Input: Begin

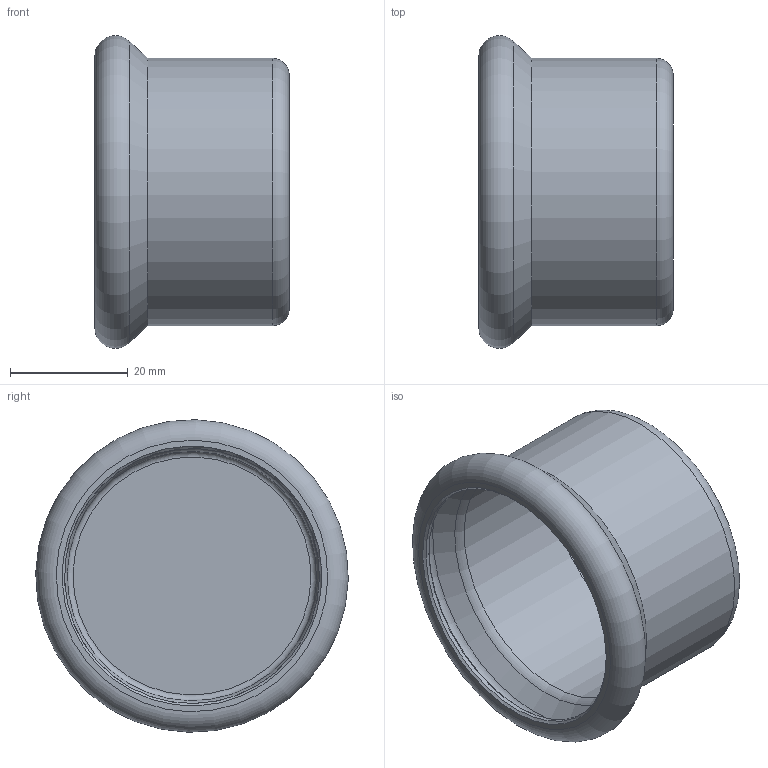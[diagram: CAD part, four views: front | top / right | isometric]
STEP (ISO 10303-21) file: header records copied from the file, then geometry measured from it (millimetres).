
FILE_DESCRIPTION(/* description */ (''),/* implementation_level */ '2;1');
FILE_NAME(/* name */ '43217.stp',/* time_stamp */ '2023-09-08T11:23:24+02:00',/* author */ ('JANAN'),/* organization */ (''),/* preprocessor_version */ 'ST-DEVELOPER v19.2',/* originating_system */ 'Autodesk Inventor 2023',/* authorisation */ '');
FILE_SCHEMA (('AUTOMOTIVE_DESIGN { 1 0 10303 214 3 1 1 }'));
Length unit declared in the file: millimetre
Products named in the file (1): tmp6FE4.tmp
Bounding box: 33 x 53.06 x 53.06 mm (x, y, z)
Volume: 10136.1 mm3; surface area: 13142.9 mm2
Topology: 1 solids, 1 shells, 16 faces, 31 edges, 19 vertices
Faces by surface type: torus 5, plane 4, cone 4, cylinder 3
Full cylindrical faces by diameter (mm): 42.4 x1, 43.3 x1, 45.4 x1
Entity records: 478 total; most frequent: DIRECTION 89, CARTESIAN_POINT 67, ORIENTED_EDGE 62, AXIS2_PLACEMENT_3D 41, EDGE_CURVE 31, CIRCLE 24, VERTEX_POINT 19, EDGE_LOOP 18

Input: End

# [Exercise description]
Give every line of the records above again, exactly, and omit the pictures.

# [Answer to the problem]
[diagram: CAD part, four views: front | top / right | isometric]
STEP (ISO 10303-21) file: header records copied from the file, then geometry measured from it (millimetres).
FILE_DESCRIPTION(/* description */ (''),/* implementation_level */ '2;1');
FILE_NAME(/* name */ '43217.stp',/* time_stamp */ '2023-09-08T11:23:24+02:00',/* author */ ('JANAN'),/* organization */ (''),/* preprocessor_version */ 'ST-DEVELOPER v19.2',/* originating_system */ 'Autodesk Inventor 2023',/* authorisation */ '');
FILE_SCHEMA (('AUTOMOTIVE_DESIGN { 1 0 10303 214 3 1 1 }'));
Length unit declared in the file: millimetre
Products named in the file (1): tmp6FE4.tmp
Bounding box: 33 x 53.06 x 53.06 mm (x, y, z)
Volume: 10136.1 mm3; surface area: 13142.9 mm2
Topology: 1 solids, 1 shells, 16 faces, 31 edges, 19 vertices
Faces by surface type: torus 5, plane 4, cone 4, cylinder 3
Full cylindrical faces by diameter (mm): 42.4 x1, 43.3 x1, 45.4 x1
Entity records: 478 total; most frequent: DIRECTION 89, CARTESIAN_POINT 67, ORIENTED_EDGE 62, AXIS2_PLACEMENT_3D 41, EDGE_CURVE 31, CIRCLE 24, VERTEX_POINT 19, EDGE_LOOP 18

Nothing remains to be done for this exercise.